New Yorker music editor Ross (Listen to This, 2010, etc.) curates the year’s finest scribbling about sound.

The latest entry in the annual anthology of music journalism draws on a breadth of sources, from metro dailies and national magazines to websites, blogs and even Twitter. Ross brings in lively pieces from his primary discipline, classical music: Justin Davidson offers a measured contemplation of Beethoven’s contemporary interpreters, and online contest winners risibly summarize opera librettos in 140-character tweets. Befitting the times, pop mega-stars are the focus of several penetrating profiles: Vanessa Grigoriadis on Lady Gaga, Chris Norris on Will.i.am, Caryn Ganz on Nicki Minaj. Jonathan Bogart’s critical take on Ke$ha tells you more than you may ever want to know about pop’s trollop of the moment, but does it hilariously. Rock gets comparatively short shrift, and the top selections are backward-looking: James Wood on the Who’s maniacal drummer Keith Moon, Evelyn McDonnell on ’70s femme rockers the Runaways, Nate Chinen on the unlikely yet apt onstage confluence in 1970 of Miles Davis and Neil Young. The writing about contemporary rock—Titus Andronicus bassist Amy Klein’s hyper-feminist tour diary entry, blogger Mike Turbé’s review of a metal show in a Brooklyn basement—never rises above the jejune. The most startling stuff drives boldly into new territory: Lauren Wilcox Puchowski’s profile of a Washington, D.C., wedding band at work, Jason Cherkis on a Baltimore record collector’s life-changing obsession with an early-20th-century Greek vocalist, Chris Richards’ search for Parliament-Funkadelic’s Mothership stage prop and Joe Hagan on the profound darkness revealed in Nina Simone’s hitherto unpublished diaries.
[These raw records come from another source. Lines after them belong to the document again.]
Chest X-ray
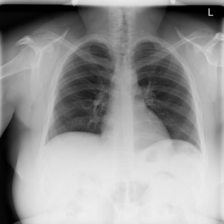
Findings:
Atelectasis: negative
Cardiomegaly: negative
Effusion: negative
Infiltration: negative
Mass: negative
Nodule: negative
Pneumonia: negative
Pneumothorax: negative
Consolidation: negative
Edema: negative
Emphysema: negative
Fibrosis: negative
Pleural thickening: negative
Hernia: negative
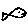
Label: fish
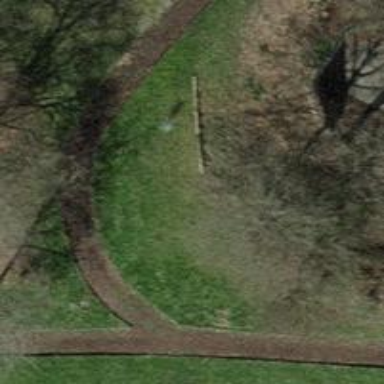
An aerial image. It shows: Disc golf basket.
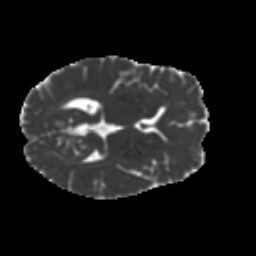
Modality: MD
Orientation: axial
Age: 42
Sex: female
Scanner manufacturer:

There is also a dizzying chapter from Dave Tompkins’ book How to Wreck a Nice Beach, excerpted by NPR.org, about the vocoder’s passage from cryptography to music. Though country and various roots styles are half-heartedly represented and a handful of solipsistic pieces tax the reader’s patience, this edition mainly sidesteps the usual suspects while maintaining the series’ high standard.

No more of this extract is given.